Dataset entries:
____
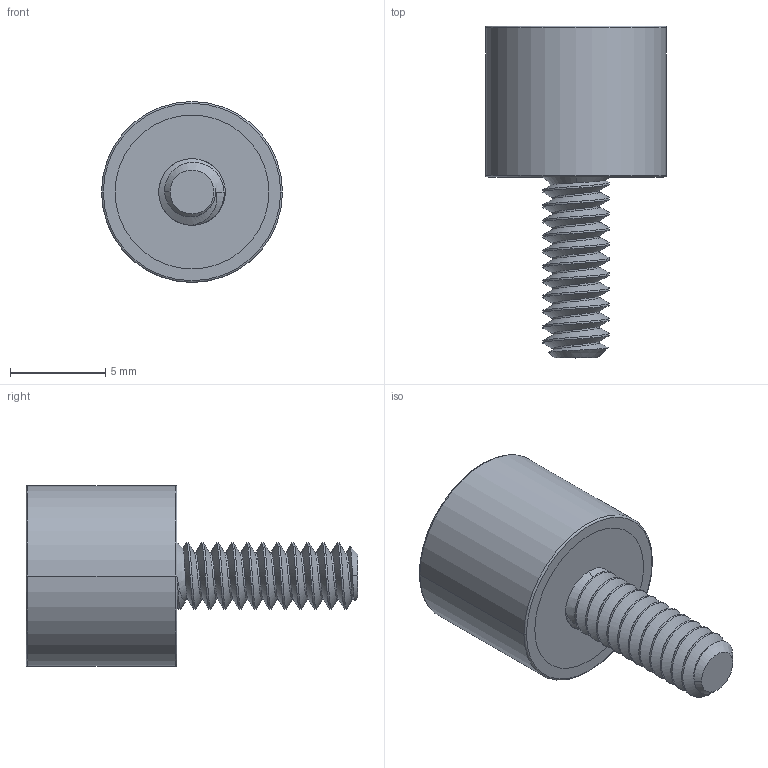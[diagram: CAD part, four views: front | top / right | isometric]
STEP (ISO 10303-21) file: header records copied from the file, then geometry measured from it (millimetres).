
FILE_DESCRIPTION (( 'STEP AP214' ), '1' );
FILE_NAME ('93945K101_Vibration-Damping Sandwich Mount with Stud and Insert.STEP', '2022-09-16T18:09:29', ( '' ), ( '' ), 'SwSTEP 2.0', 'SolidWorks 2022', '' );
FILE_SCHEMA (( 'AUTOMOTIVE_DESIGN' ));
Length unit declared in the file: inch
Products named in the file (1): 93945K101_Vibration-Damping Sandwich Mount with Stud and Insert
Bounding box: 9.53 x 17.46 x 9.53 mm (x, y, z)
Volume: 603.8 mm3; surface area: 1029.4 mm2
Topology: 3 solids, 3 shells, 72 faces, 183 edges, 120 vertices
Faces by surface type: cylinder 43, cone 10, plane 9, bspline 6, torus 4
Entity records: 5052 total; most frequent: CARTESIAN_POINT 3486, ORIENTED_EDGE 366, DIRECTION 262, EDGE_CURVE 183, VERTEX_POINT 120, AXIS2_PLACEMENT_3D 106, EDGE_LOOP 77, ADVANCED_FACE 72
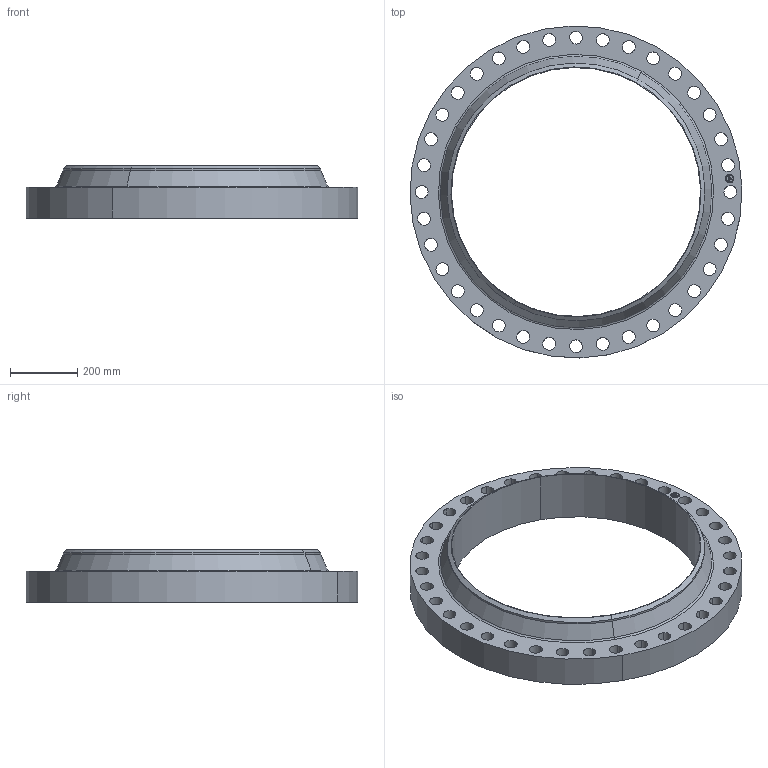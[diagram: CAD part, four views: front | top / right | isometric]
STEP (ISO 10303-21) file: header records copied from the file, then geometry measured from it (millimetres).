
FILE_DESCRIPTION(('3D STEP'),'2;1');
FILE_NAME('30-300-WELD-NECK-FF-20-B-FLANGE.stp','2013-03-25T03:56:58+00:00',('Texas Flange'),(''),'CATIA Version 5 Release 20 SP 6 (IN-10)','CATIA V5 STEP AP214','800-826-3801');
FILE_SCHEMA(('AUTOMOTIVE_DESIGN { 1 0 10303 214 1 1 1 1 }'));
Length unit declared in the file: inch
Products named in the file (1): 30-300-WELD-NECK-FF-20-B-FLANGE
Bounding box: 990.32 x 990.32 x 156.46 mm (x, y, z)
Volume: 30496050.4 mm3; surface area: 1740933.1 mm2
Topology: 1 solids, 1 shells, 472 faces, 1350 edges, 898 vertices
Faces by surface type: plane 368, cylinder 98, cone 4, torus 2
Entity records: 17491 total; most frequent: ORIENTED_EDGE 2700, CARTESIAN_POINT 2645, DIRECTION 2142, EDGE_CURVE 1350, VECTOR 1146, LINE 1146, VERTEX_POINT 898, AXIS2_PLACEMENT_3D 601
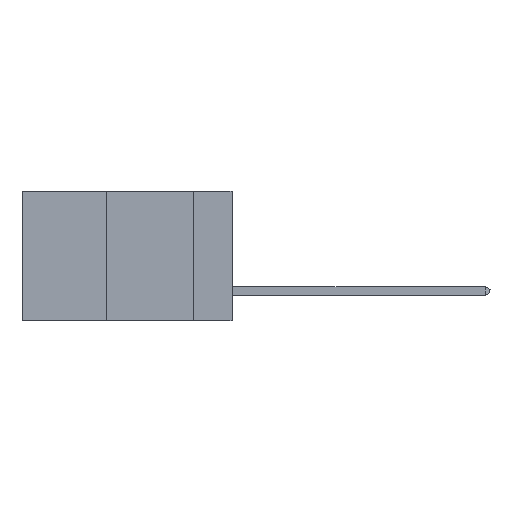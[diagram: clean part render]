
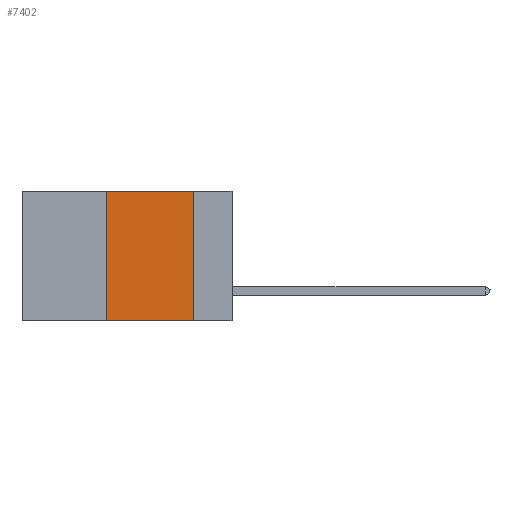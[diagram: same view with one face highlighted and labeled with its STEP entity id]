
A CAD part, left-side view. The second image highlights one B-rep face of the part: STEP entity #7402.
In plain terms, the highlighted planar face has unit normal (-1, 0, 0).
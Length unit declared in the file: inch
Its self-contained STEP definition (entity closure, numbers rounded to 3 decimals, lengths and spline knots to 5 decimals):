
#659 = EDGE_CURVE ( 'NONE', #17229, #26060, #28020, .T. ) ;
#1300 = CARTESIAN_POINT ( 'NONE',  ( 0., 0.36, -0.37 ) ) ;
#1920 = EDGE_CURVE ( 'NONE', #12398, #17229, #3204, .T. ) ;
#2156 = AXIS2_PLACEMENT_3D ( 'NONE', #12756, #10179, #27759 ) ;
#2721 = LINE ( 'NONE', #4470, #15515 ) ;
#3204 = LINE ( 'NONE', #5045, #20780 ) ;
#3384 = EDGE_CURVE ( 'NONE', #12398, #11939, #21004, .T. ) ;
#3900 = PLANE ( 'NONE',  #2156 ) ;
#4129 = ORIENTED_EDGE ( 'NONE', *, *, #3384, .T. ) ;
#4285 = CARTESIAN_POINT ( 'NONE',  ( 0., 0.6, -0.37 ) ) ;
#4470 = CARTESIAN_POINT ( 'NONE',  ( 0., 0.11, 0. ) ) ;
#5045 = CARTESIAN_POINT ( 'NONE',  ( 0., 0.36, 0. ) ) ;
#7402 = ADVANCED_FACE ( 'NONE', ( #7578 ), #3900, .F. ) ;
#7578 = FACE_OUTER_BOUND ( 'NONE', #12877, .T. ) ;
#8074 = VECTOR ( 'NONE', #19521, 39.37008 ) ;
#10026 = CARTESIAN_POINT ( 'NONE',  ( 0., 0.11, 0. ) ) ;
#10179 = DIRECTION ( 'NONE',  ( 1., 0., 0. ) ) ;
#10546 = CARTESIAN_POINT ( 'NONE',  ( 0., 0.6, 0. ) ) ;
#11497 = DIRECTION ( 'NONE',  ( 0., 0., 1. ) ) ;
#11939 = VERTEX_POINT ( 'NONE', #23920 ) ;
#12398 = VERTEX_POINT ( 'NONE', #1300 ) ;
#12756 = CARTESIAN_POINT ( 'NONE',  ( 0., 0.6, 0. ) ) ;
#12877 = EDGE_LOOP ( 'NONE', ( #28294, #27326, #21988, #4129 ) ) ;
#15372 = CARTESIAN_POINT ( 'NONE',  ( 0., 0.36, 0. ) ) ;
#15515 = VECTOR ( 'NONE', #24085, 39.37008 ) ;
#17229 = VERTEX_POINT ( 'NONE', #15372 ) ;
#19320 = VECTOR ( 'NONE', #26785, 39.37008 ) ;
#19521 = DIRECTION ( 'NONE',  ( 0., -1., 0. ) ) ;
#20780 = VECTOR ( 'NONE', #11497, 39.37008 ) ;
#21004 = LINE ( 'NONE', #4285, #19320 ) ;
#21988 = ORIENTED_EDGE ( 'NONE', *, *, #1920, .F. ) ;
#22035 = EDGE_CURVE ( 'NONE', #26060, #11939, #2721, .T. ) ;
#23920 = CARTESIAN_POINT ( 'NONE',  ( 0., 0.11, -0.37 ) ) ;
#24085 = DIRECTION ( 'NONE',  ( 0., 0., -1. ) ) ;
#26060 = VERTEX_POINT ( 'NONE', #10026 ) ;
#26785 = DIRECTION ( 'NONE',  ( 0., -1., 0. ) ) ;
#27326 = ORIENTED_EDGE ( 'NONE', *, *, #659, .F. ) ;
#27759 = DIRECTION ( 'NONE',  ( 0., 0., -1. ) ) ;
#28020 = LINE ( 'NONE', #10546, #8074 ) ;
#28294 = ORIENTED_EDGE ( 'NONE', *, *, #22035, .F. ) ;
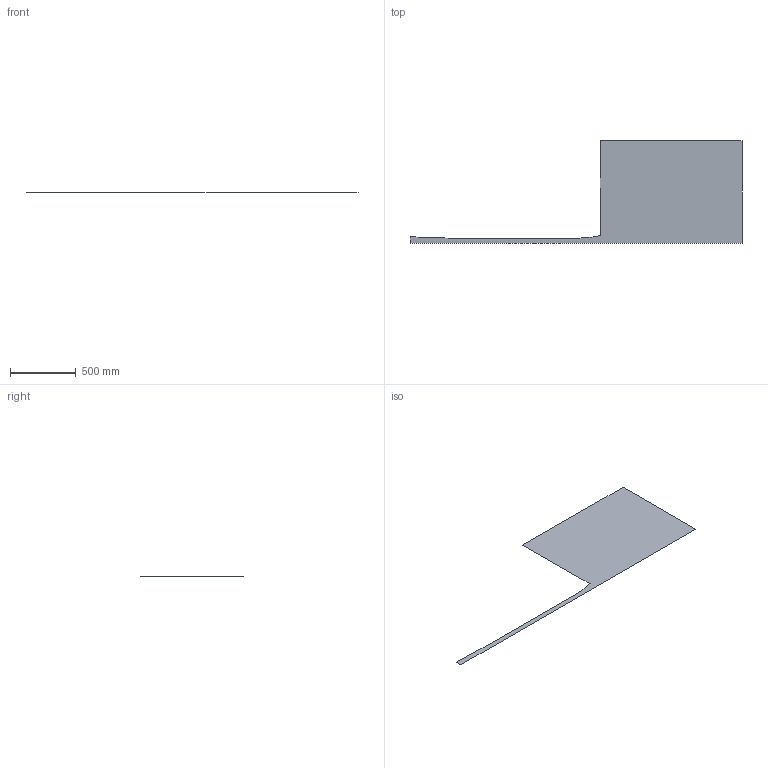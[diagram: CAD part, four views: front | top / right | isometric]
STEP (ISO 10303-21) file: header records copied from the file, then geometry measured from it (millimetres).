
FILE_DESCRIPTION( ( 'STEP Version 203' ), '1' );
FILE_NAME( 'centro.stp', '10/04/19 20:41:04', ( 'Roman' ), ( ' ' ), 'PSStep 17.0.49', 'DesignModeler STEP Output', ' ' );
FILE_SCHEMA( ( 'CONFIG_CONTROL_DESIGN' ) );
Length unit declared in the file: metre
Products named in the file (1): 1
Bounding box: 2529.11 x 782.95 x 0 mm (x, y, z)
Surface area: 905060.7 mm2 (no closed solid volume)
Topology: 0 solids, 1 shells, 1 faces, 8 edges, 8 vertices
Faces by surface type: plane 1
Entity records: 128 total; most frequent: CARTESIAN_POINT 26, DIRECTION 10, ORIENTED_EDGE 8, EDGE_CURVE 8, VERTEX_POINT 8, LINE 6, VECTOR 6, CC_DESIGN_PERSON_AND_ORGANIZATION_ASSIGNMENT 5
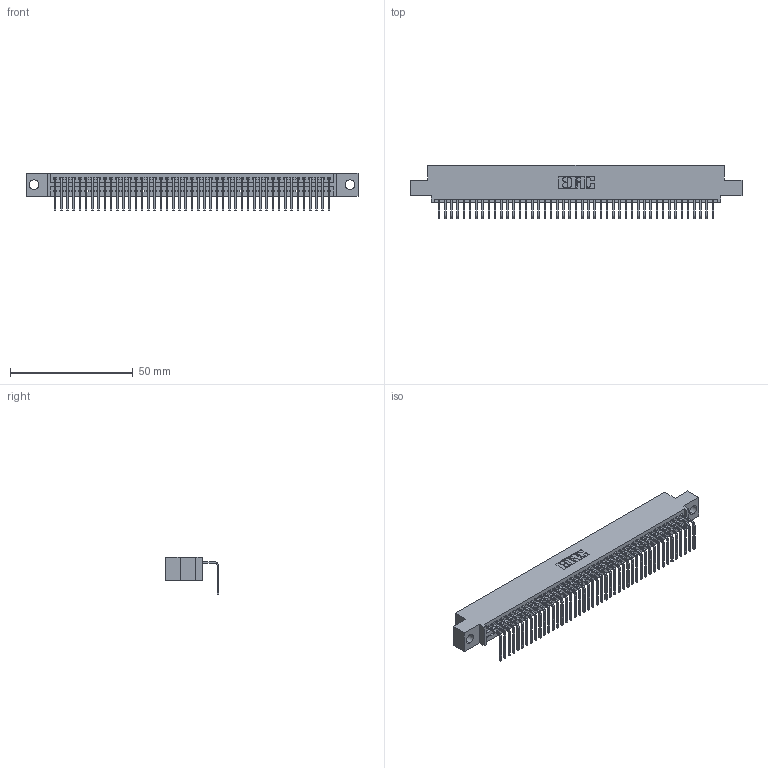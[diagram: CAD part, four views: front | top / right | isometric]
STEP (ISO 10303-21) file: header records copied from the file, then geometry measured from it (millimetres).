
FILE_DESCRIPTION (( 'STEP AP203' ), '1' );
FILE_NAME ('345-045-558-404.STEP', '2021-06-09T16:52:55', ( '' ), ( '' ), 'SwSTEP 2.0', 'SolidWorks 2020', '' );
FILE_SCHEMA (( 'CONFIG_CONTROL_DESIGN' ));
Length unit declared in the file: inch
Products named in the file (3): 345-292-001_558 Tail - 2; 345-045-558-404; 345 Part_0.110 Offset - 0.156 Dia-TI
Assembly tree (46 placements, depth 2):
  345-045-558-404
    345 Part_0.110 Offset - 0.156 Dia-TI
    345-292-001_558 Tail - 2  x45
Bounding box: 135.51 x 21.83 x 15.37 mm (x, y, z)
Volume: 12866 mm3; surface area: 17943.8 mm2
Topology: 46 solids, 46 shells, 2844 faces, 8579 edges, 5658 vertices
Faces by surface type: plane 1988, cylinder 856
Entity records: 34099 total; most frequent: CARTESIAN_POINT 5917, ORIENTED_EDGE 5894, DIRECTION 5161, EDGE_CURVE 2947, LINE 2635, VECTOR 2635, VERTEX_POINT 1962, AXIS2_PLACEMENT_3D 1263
____
» PROBLEM
Each line above with the word "named" needs to be copied.

» COMPLETED TASK
Products named in the file (1): 93945K101_Vibration-Damping Sandwich Mount with Stud and Insert
Products named in the file (1): 30-300-WELD-NECK-FF-20-B-FLANGE
Products named in the file (1): 1
Products named in the file (3): 345-292-001_558 Tail - 2; 345-045-558-404; 345 Part_0.110 Offset - 0.156 Dia-TI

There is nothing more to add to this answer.